:: Task description ::
Drop all pictures and repeat exactly the lines from the line holding "assistant: ובמופתים ובמלחמה וביד חזקה" through the end of the records.

Stored items
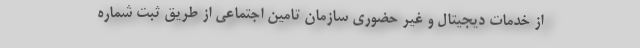
از خدمات دیجیتال و غیر حضوری سازمان تامین اجتماعی از طریق ثبت شماره
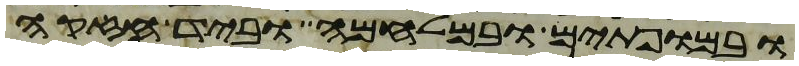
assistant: ובמופתים ובמלחמה וביד חזקה
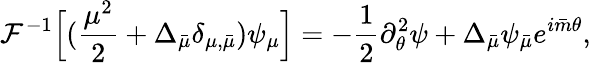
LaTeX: \mathcal{F}^{-1}\Big[(\frac{\mu^{2}}{2}+\Delta_{\bar{\mu}}\delta_{\mu,\bar{\mu}})\psi_{\mu}\Big]=-\frac{1}{2}\partial_{\theta}^{2}\psi+\Delta_{\bar{\mu}}\psi_{\bar{\mu}}e^{i{\bar{m}}\theta},
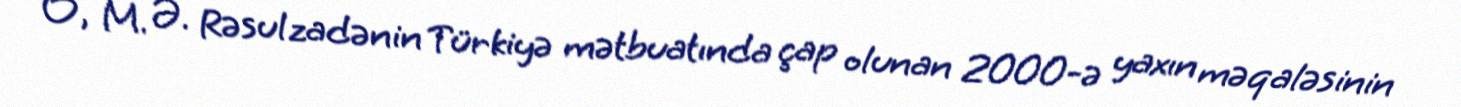
O, M. Ə. Rəsulzadənin Türkiyə mətbuatında çap olunan 2000-ə yaxın məqaləsinin
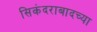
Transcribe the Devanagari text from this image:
सिकंदराबादच्या
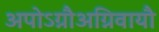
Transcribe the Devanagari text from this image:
अपोऽग्नौअग्निवायौ
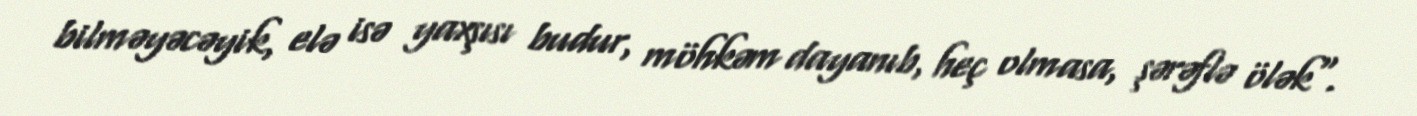
bilməyəcəyik, elə isə yaxşısı budur, möhkəm dayanıb, heç olmasa, şərəflə ölək".
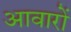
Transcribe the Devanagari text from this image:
आवारों
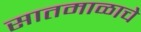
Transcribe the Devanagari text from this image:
सातमाळाचे
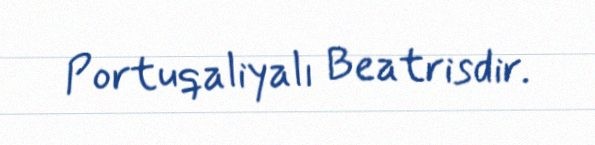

:: Solution ::
assistant: ובמופתים ובמלחמה וביד חזקה
LaTeX: \mathcal{F}^{-1}\Big[(\frac{\mu^{2}}{2}+\Delta_{\bar{\mu}}\delta_{\mu,\bar{\mu}})\psi_{\mu}\Big]=-\frac{1}{2}\partial_{\theta}^{2}\psi+\Delta_{\bar{\mu}}\psi_{\bar{\mu}}e^{i{\bar{m}}\theta},
O, M. Ə. Rəsulzadənin Türkiyə mətbuatında çap olunan 2000-ə yaxın məqaləsinin
Transcribe the Devanagari text from this image:
सिकंदराबादच्या
Transcribe the Devanagari text from this image:
अपोऽग्नौअग्निवायौ
bilməyəcəyik, elə isə yaxşısı budur, möhkəm dayanıb, heç olmasa, şərəflə ölək".
Transcribe the Devanagari text from this image:
आवारों
Transcribe the Devanagari text from this image:
सातमाळाचे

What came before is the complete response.